▸ **ASSIGNED TASK**
On every line of the listing, check for "order"; copy the lines that have it.

------------------------------------------------------------------------

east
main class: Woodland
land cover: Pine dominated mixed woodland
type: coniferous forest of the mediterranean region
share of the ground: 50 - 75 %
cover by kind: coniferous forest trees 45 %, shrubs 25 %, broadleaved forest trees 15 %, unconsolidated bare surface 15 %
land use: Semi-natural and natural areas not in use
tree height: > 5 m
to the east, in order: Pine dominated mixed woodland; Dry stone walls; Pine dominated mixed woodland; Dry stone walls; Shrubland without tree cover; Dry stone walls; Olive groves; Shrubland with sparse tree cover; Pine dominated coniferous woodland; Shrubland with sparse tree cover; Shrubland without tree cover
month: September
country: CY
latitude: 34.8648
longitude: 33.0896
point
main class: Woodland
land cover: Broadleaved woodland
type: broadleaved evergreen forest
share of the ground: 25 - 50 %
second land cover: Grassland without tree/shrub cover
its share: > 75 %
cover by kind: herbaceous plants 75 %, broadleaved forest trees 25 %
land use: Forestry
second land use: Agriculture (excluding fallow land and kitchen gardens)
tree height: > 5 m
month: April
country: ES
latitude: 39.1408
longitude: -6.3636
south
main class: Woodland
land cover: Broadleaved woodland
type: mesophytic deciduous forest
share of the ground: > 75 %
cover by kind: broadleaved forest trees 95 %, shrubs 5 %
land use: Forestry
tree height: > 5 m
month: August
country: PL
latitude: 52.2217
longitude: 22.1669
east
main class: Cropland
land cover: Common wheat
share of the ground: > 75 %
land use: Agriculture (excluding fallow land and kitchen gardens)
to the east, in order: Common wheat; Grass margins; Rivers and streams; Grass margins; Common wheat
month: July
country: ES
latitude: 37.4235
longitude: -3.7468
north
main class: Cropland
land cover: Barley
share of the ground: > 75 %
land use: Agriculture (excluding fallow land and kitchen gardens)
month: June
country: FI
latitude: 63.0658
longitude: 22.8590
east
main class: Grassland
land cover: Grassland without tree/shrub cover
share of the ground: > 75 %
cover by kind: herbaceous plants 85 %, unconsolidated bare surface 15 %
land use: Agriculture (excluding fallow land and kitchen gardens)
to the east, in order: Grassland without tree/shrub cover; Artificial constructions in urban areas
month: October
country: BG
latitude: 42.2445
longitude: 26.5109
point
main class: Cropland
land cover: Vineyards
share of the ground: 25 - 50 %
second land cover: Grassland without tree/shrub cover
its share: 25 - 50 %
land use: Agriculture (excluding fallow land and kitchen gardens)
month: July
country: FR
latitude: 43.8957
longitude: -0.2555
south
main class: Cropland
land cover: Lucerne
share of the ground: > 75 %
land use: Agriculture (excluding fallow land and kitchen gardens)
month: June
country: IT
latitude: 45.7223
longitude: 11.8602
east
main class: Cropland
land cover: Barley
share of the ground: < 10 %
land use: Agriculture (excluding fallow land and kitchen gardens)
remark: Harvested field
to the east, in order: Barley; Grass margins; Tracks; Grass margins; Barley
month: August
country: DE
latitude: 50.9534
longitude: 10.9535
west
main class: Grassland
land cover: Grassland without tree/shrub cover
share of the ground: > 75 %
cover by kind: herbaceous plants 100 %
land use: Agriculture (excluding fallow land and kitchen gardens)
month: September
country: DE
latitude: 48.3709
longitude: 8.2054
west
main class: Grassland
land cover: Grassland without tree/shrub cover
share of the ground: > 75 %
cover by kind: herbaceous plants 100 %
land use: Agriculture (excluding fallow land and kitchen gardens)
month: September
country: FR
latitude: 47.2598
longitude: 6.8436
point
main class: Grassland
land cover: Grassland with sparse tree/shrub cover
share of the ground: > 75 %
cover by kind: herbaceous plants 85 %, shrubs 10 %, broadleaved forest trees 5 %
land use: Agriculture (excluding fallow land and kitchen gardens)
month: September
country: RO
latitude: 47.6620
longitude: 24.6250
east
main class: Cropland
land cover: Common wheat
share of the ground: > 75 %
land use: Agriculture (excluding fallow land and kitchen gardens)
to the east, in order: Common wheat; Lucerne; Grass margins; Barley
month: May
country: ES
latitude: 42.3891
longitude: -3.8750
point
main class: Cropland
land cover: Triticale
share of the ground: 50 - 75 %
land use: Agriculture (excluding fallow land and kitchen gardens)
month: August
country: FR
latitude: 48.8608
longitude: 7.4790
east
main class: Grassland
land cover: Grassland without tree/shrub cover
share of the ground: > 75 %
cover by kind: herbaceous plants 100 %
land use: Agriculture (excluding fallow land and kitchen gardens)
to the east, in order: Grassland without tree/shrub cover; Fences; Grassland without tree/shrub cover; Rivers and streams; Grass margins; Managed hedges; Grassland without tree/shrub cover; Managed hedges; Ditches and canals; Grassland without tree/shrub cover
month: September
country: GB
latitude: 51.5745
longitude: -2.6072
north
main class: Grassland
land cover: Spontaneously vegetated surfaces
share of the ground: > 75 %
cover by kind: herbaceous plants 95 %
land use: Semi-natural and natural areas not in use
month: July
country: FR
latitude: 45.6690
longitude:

------------------------------------------------------------------------

▸ **SOLUTION TO THIS EXERCISE**
to the east, in order: Pine dominated mixed woodland; Dry stone walls; Pine dominated mixed woodland; Dry stone walls; Shrubland without tree cover; Dry stone walls; Olive groves; Shrubland with sparse tree cover; Pine dominated coniferous woodland; Shrubland with sparse tree cover; Shrubland without tree cover
to the east, in order: Common wheat; Grass margins; Rivers and streams; Grass margins; Common wheat
to the east, in order: Grassland without tree/shrub cover; Artificial constructions in urban areas
to the east, in order: Barley; Grass margins; Tracks; Grass margins; Barley
to the east, in order: Common wheat; Lucerne; Grass margins; Barley
to the east, in order: Grassland without tree/shrub cover; Fences; Grassland without tree/shrub cover; Rivers and streams; Grass margins; Managed hedges; Grassland without tree/shrub cover; Managed hedges; Ditches and canals; Grassland without tree/shrub cover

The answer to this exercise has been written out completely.